### Exercise description
Please return each of the entries exactly, minus their pictures.

### Provided information
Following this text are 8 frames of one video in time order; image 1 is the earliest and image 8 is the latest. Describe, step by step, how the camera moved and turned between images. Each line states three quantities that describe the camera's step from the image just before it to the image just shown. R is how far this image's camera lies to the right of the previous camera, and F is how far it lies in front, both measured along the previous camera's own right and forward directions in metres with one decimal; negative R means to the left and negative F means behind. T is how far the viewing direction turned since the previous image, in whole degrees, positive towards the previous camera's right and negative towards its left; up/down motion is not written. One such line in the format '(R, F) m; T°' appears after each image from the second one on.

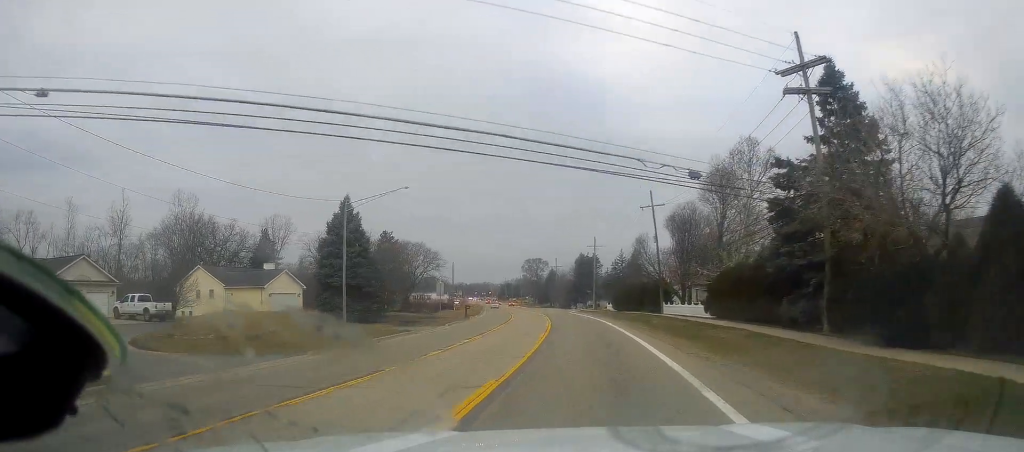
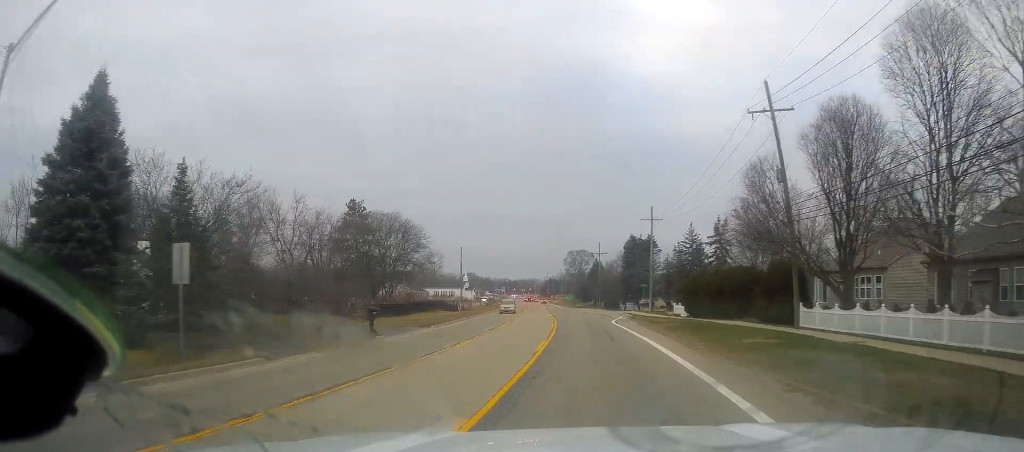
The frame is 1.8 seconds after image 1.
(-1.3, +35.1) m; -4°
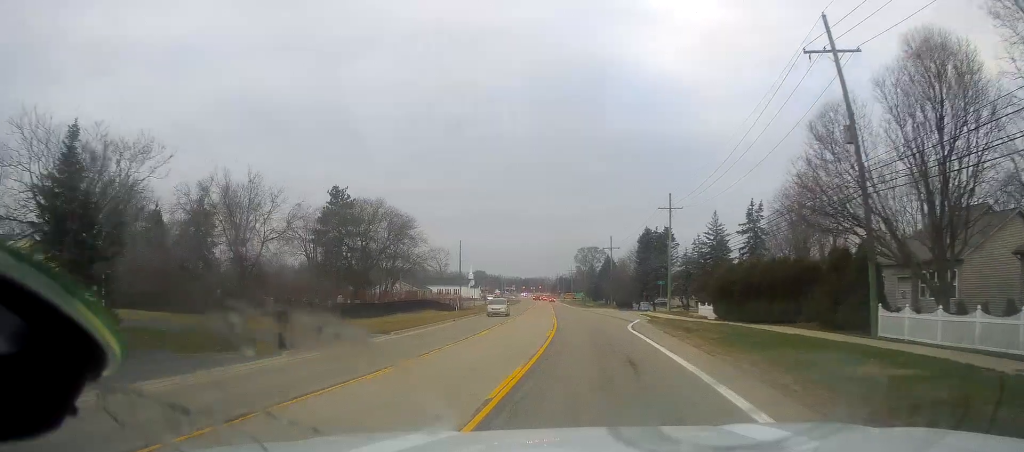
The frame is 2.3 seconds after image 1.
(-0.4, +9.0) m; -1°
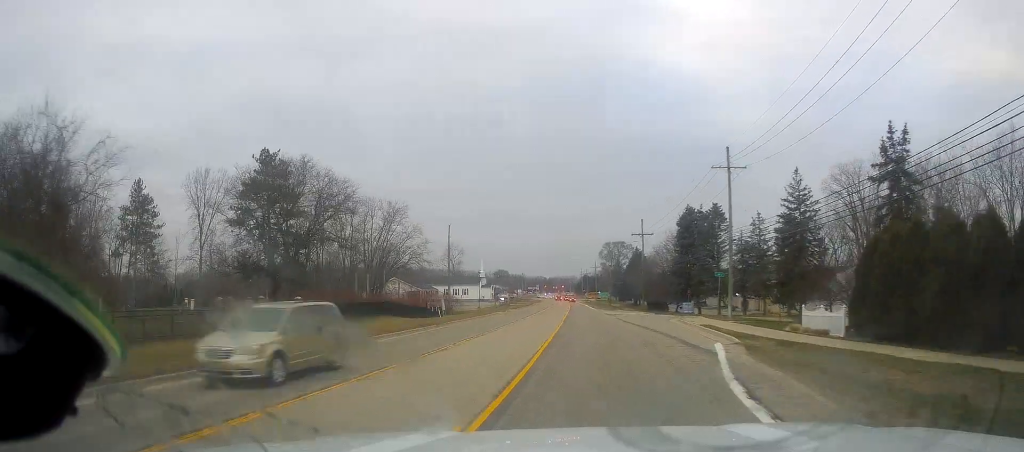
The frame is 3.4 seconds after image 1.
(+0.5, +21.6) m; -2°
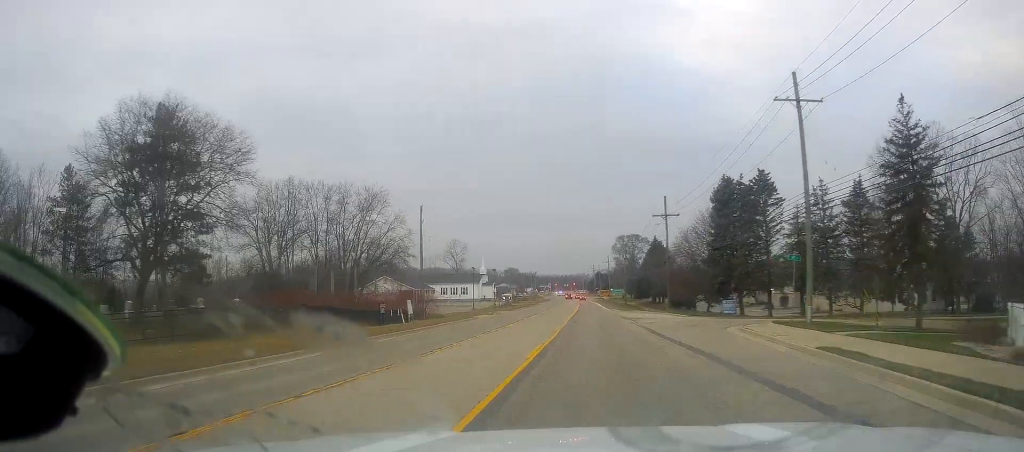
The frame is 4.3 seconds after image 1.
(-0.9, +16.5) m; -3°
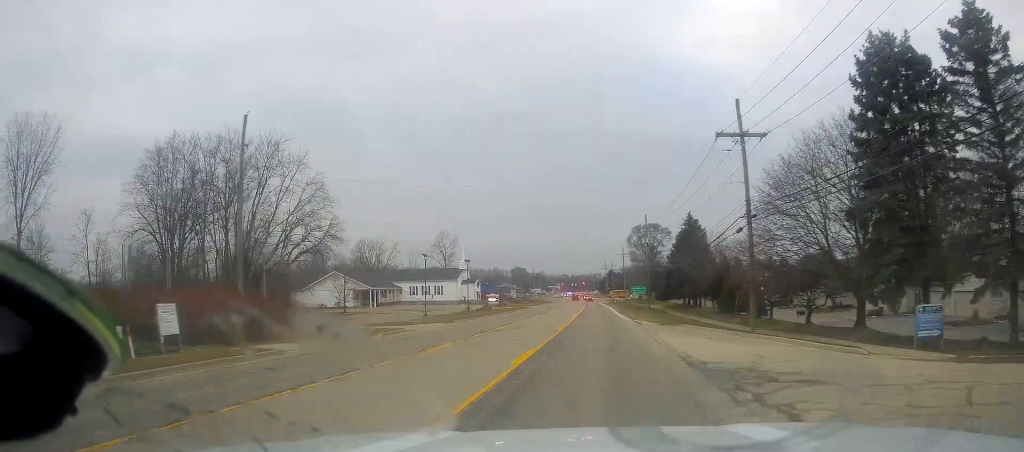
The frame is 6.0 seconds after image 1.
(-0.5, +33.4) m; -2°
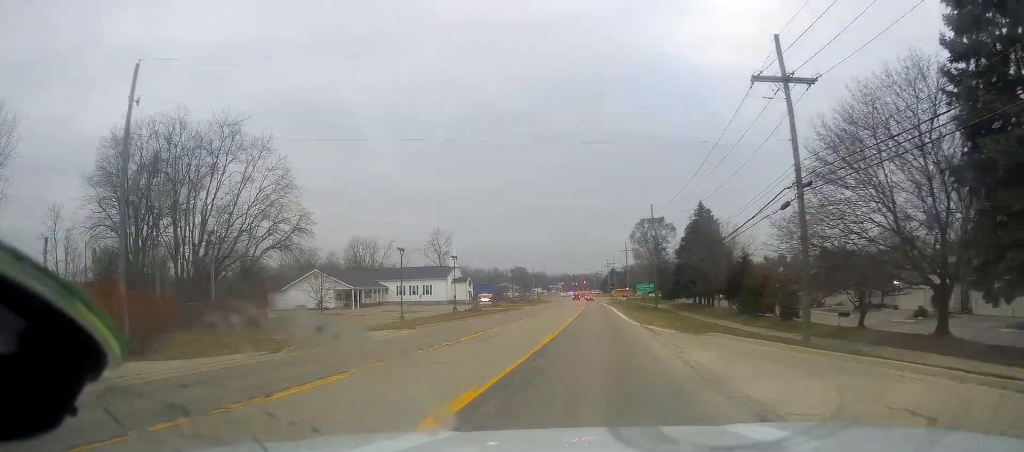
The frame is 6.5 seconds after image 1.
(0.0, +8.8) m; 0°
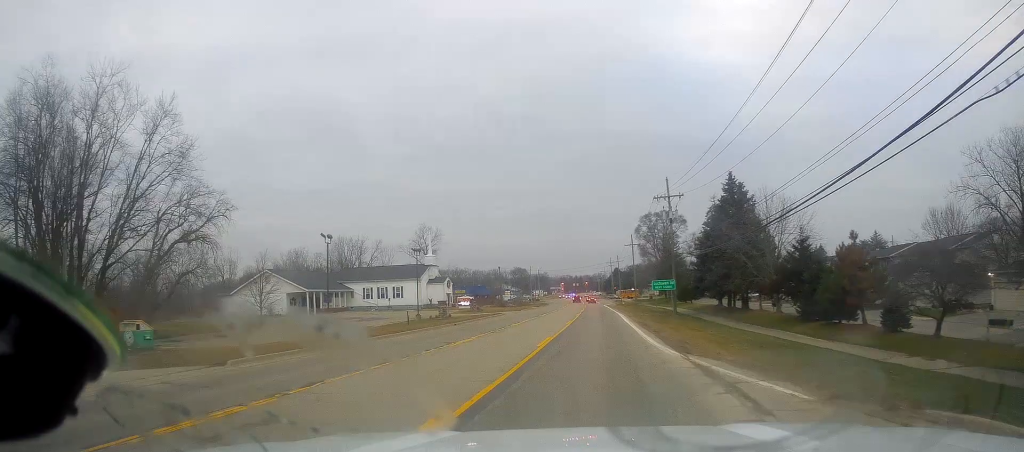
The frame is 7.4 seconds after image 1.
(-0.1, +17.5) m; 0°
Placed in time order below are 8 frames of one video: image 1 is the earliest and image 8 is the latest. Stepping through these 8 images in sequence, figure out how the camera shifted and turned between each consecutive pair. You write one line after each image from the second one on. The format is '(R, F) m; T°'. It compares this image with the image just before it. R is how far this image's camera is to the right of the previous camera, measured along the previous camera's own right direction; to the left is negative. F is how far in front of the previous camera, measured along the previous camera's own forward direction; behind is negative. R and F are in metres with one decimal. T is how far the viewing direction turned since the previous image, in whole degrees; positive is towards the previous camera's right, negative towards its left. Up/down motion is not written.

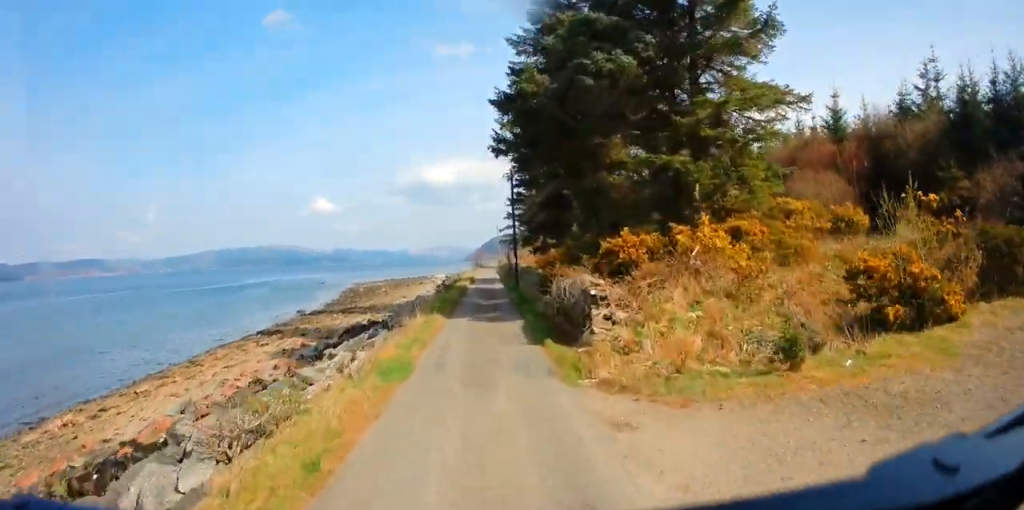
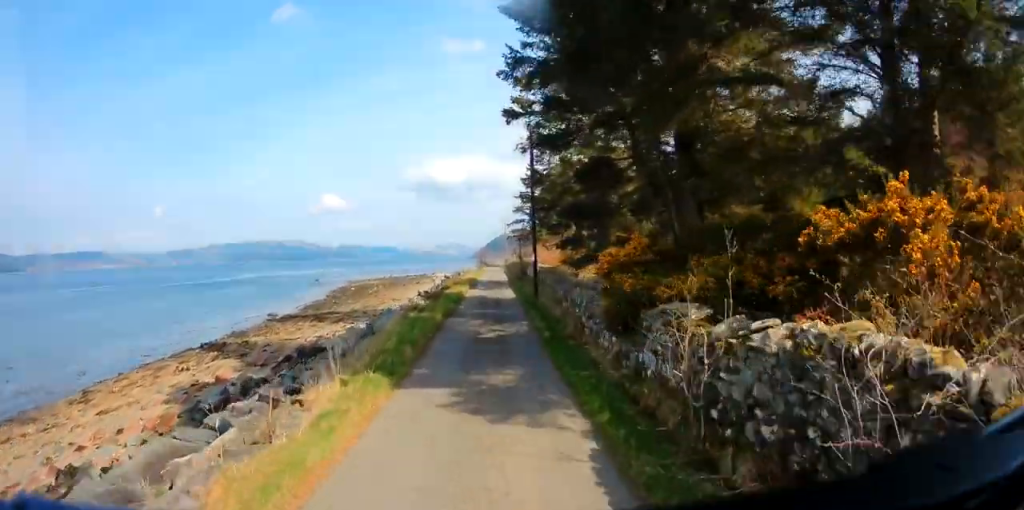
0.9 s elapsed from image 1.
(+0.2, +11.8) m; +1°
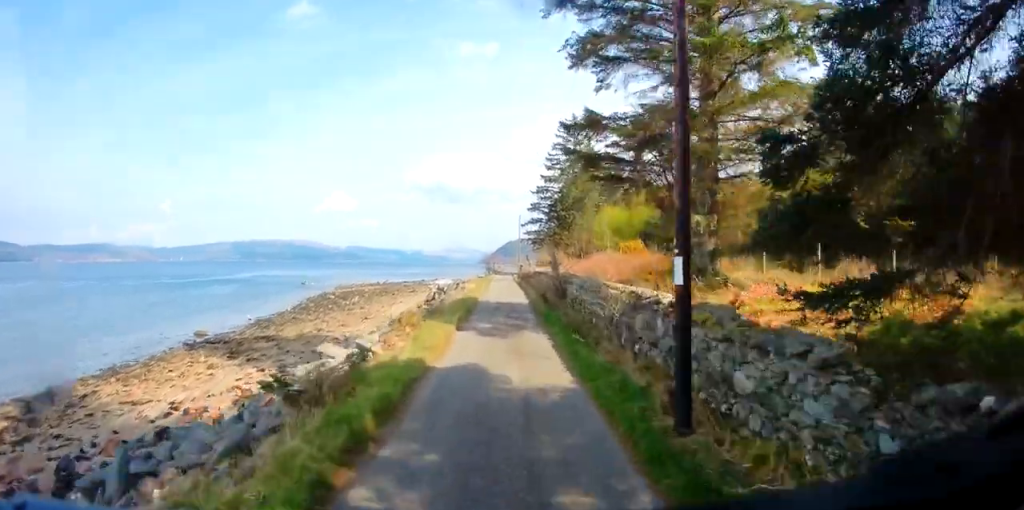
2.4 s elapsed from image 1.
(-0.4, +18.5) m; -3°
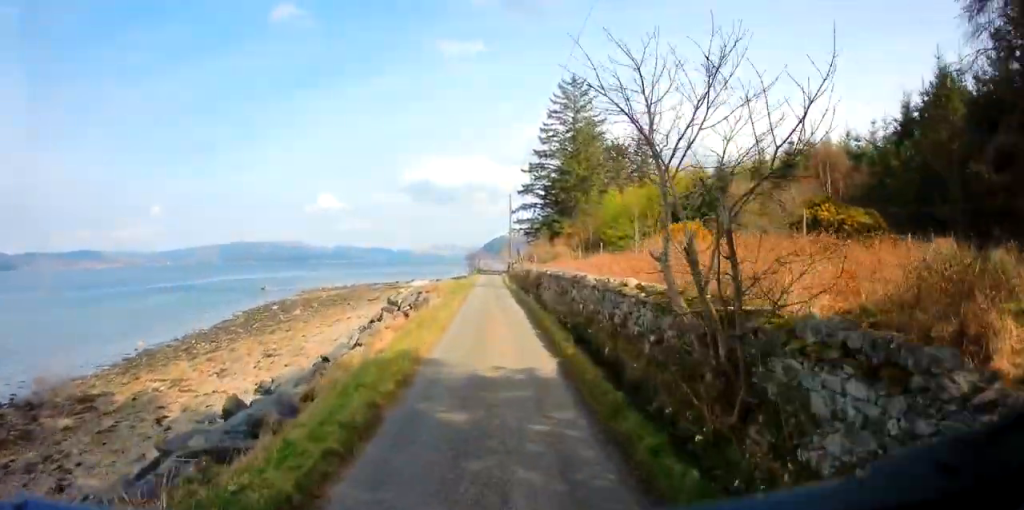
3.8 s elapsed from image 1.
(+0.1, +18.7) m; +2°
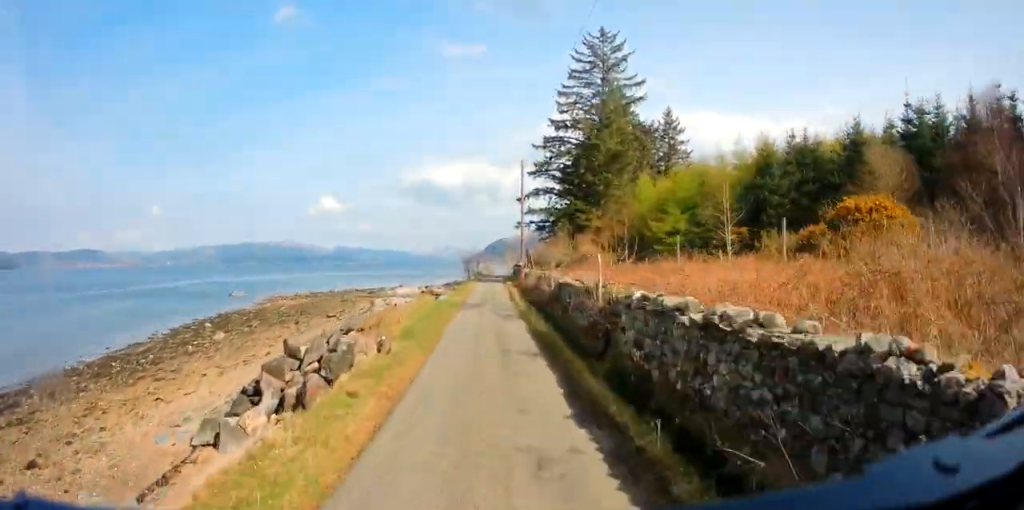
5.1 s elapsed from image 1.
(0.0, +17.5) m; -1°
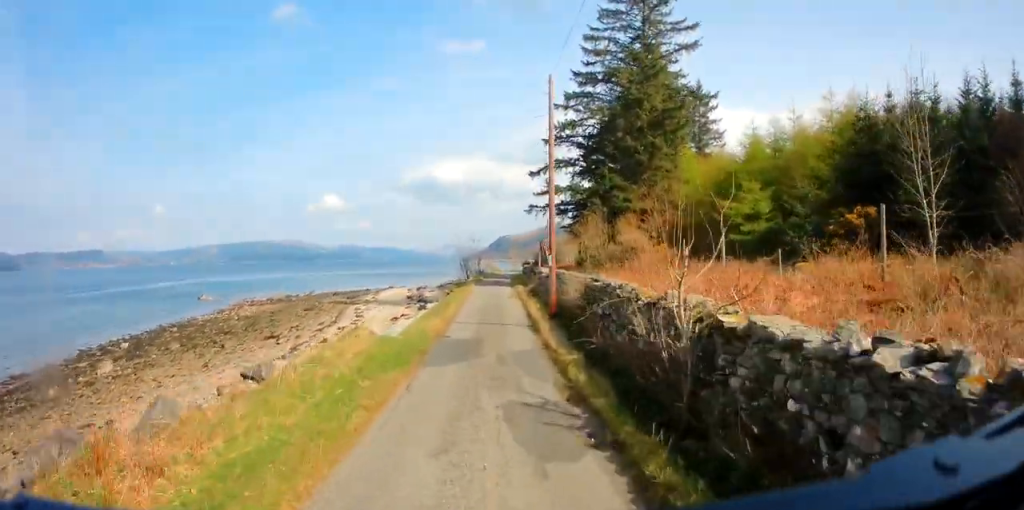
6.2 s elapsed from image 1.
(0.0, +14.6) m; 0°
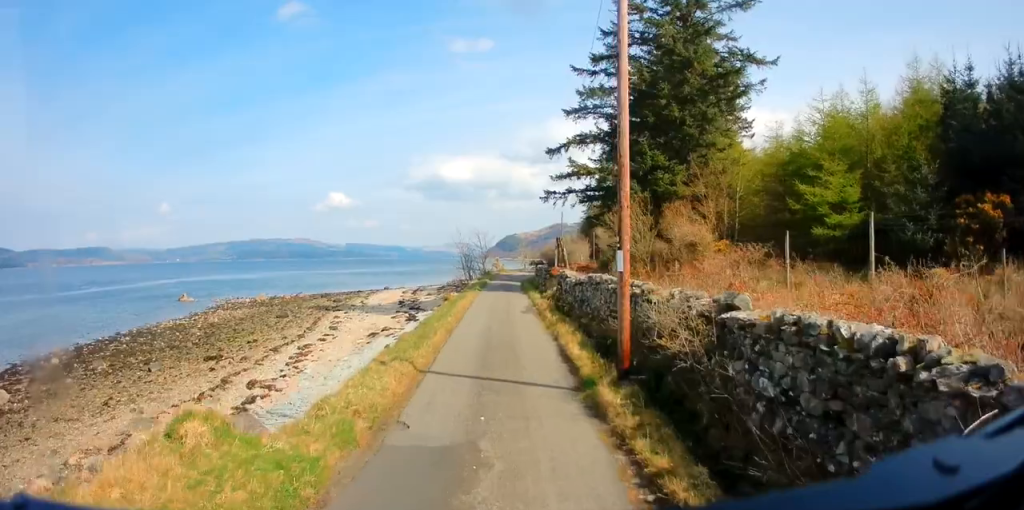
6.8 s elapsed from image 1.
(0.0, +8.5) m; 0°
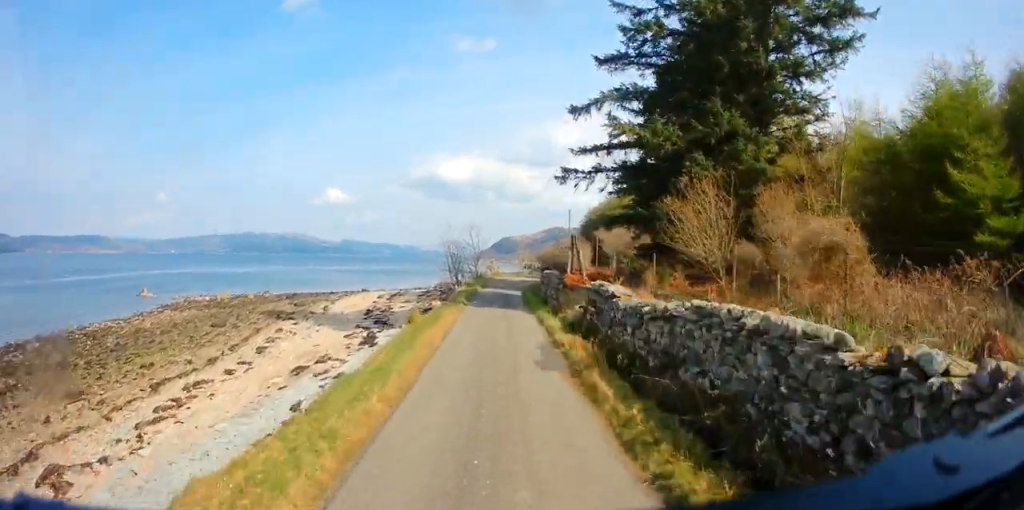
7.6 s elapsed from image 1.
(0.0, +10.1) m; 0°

### Solution to the problem
Following this text are 8 frames of one video in time order; image 1 is the earliest and image 8 is the latest. Describe, step by step, how the camera moved and turned between images. Each line states three quantities that describe the camera's step from the image just before it to the image just shown. R is how far this image's camera lies to the right of the previous camera, and F is how far it lies in front, both measured along the previous camera's own right and forward directions in metres with one decimal; negative R means to the left and negative F means behind. T is how far the viewing direction turned since the previous image, in whole degrees, positive towards the previous camera's right and negative towards its left; up/down motion is not written. One such line in the format '(R, F) m; T°' appears after each image from the second one on.

The frame is 1.8 seconds after image 1.
(-1.3, +35.1) m; -4°
The frame is 2.3 seconds after image 1.
(-0.4, +9.0) m; -1°
The frame is 3.4 seconds after image 1.
(+0.5, +21.6) m; -2°
The frame is 4.3 seconds after image 1.
(-0.9, +16.5) m; -3°
The frame is 6.0 seconds after image 1.
(-0.5, +33.4) m; -2°
The frame is 6.5 seconds after image 1.
(0.0, +8.8) m; 0°
The frame is 7.4 seconds after image 1.
(-0.1, +17.5) m; 0°
Placed in time order below are 8 frames of one video: image 1 is the earliest and image 8 is the latest. Stepping through these 8 images in sequence, figure out how the camera shifted and turned between each consecutive pair. You write one line after each image from the second one on. The format is '(R, F) m; T°'. It compares this image with the image just before it. R is how far this image's camera is to the right of the previous camera, measured along the previous camera's own right direction; to the left is negative. F is how far in front of the previous camera, measured along the previous camera's own forward direction; behind is negative. R and F are in metres with one decimal. T is how far the viewing direction turned since the previous image, in whole degrees; positive is towards the previous camera's right, negative towards its left. Up/down motion is not written.

0.9 s elapsed from image 1.
(+0.2, +11.8) m; +1°
2.4 s elapsed from image 1.
(-0.4, +18.5) m; -3°
3.8 s elapsed from image 1.
(+0.1, +18.7) m; +2°
5.1 s elapsed from image 1.
(0.0, +17.5) m; -1°
6.2 s elapsed from image 1.
(0.0, +14.6) m; 0°
6.8 s elapsed from image 1.
(0.0, +8.5) m; 0°
7.6 s elapsed from image 1.
(0.0, +10.1) m; 0°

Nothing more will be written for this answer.